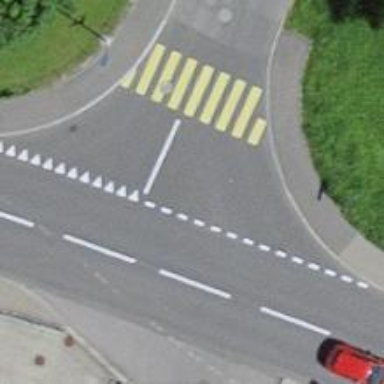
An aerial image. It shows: Road with "give way" sign.
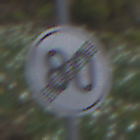
Verkehrszeichen: EndeGeschwindigkeit80
Umgebung: Outdoor, Nature
Tageszeit: MorningAfternoon
Wetter: PartlyCloudy
Licht: Natural
Jahreszeit: NotSpecified
Kontrast: LowContrast
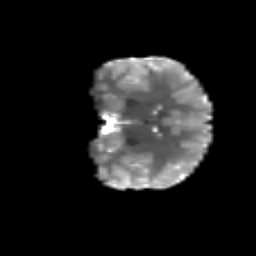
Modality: T2w
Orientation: coronal
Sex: female
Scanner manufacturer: siemens
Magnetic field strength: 3 T
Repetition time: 5 s
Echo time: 0.071 s
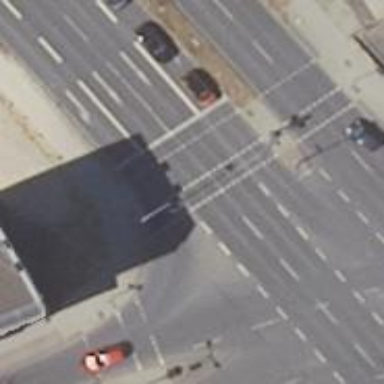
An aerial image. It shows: Road with traffic signals at crossing.
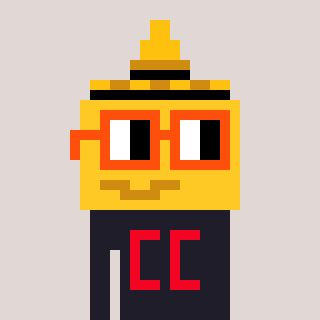
a pixel art character with square orange glasses, a mustard-shaped head and a grayscale-colored body on a warm background
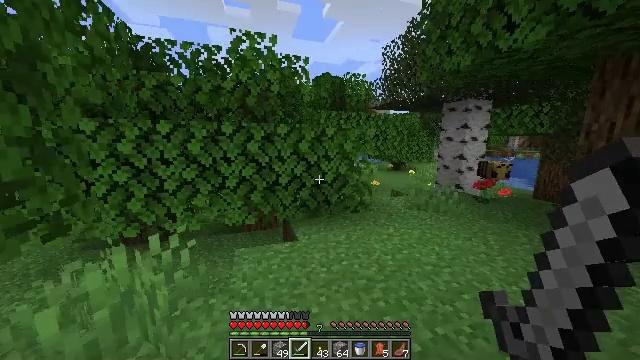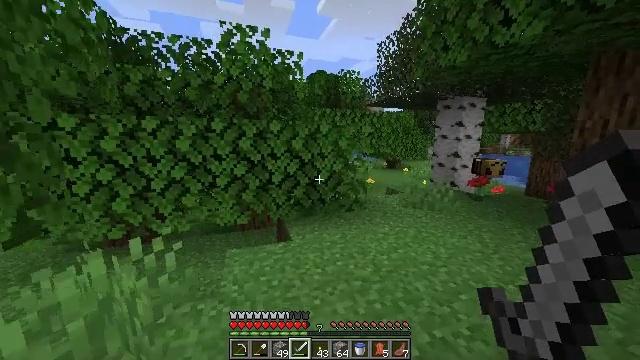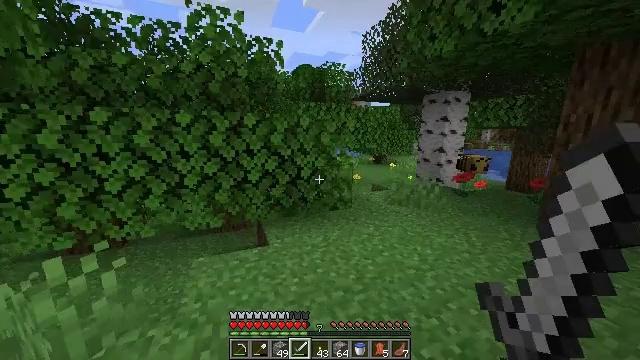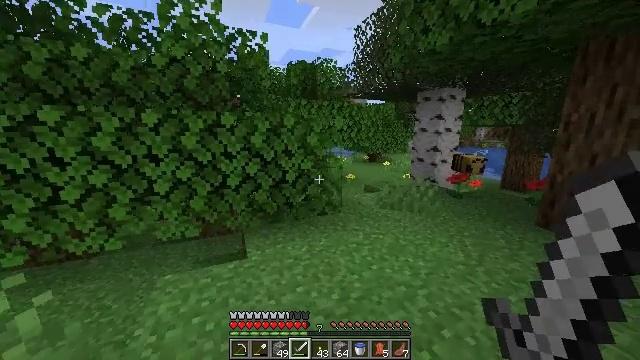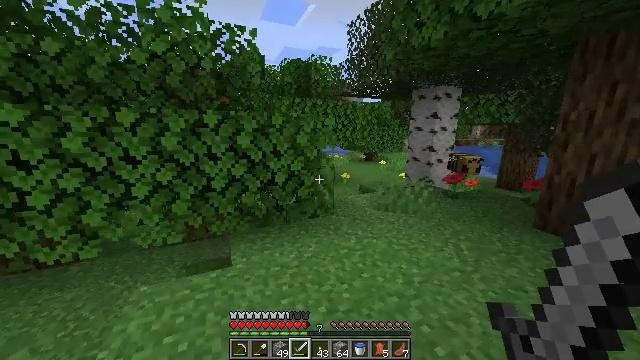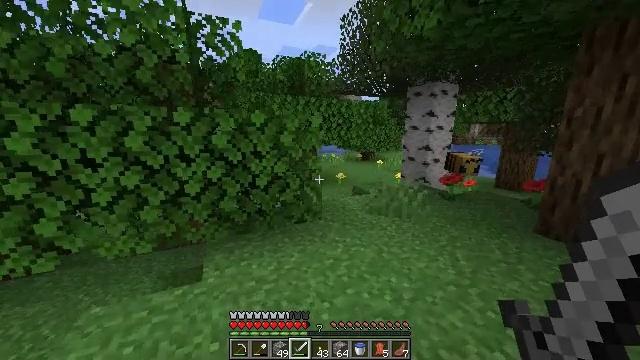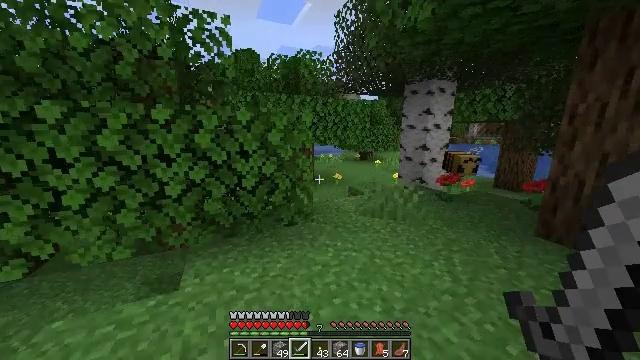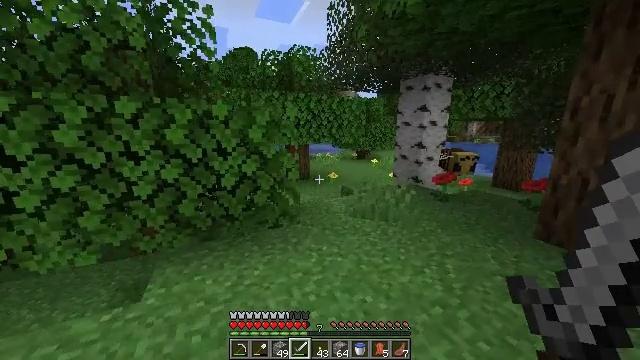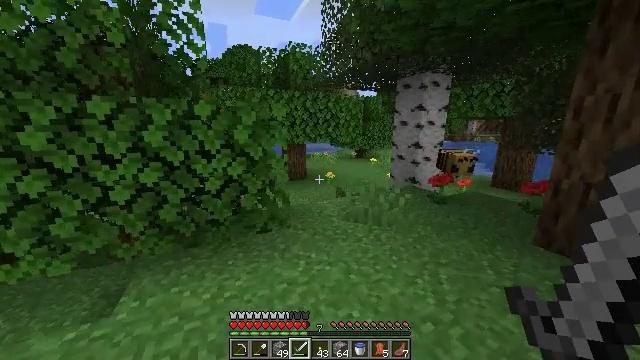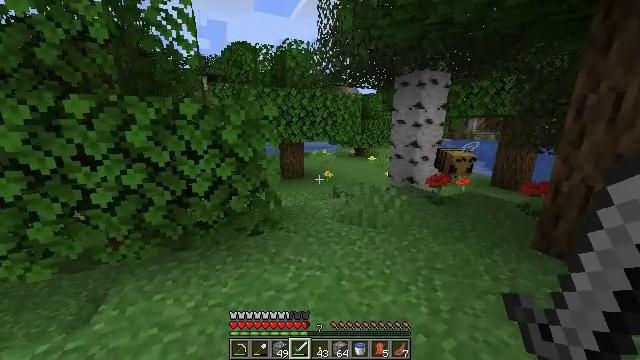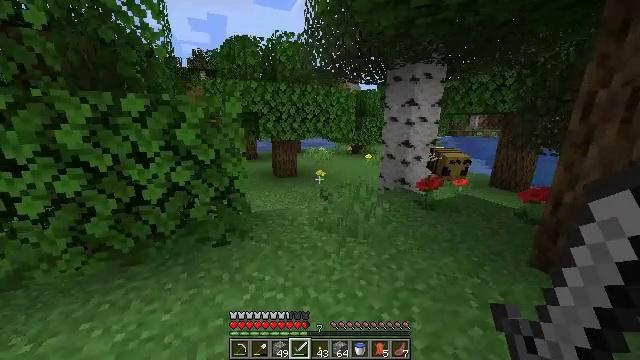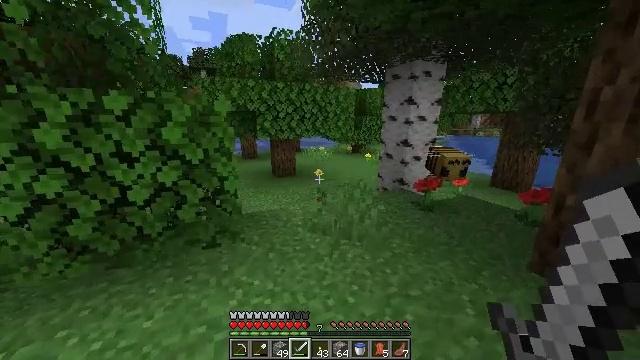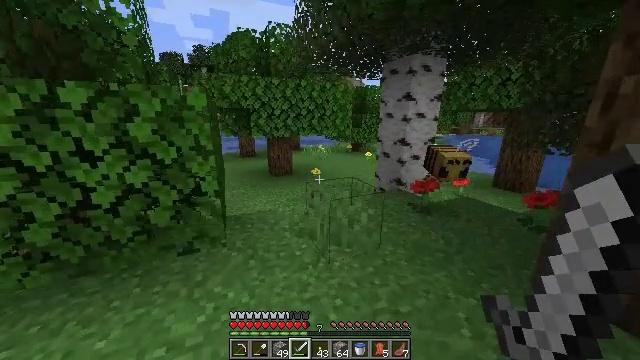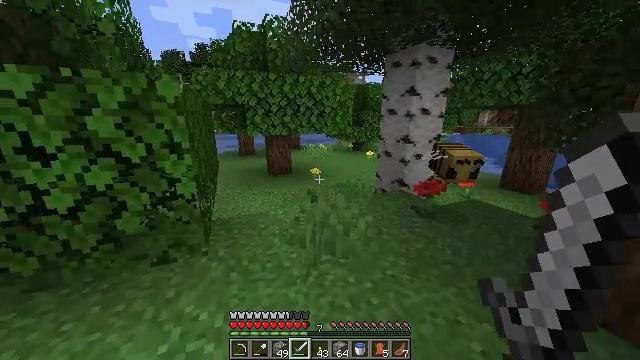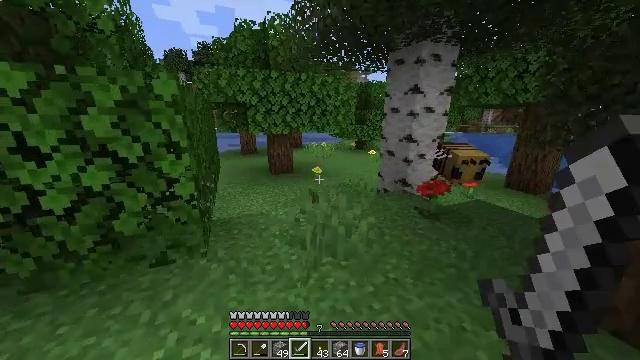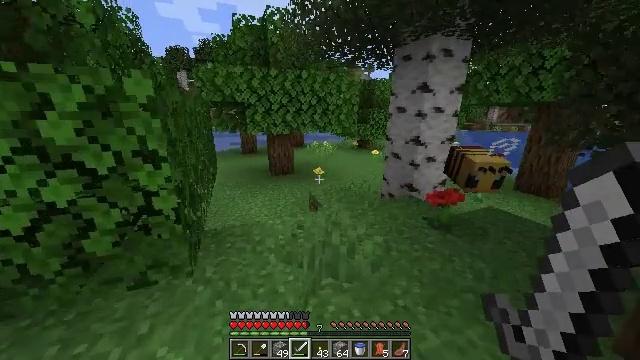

───

Directions for this task:
Please print each record above again exactly, but omit any pictures.

Answer space:
An aerial image. It shows: Road with "give way" sign.
Verkehrszeichen: EndeGeschwindigkeit80
Umgebung: Outdoor, Nature
Tageszeit: MorningAfternoon
Wetter: PartlyCloudy
Licht: Natural
Jahreszeit: NotSpecified
Kontrast: LowContrast
Modality: T2w
Orientation: coronal
Sex: female
Scanner manufacturer: siemens
Magnetic field strength: 3 T
Repetition time: 5 s
Echo time: 0.071 s
An aerial image. It shows: Road with traffic signals at crossing.
a pixel art character with square orange glasses, a mustard-shaped head and a grayscale-colored body on a warm background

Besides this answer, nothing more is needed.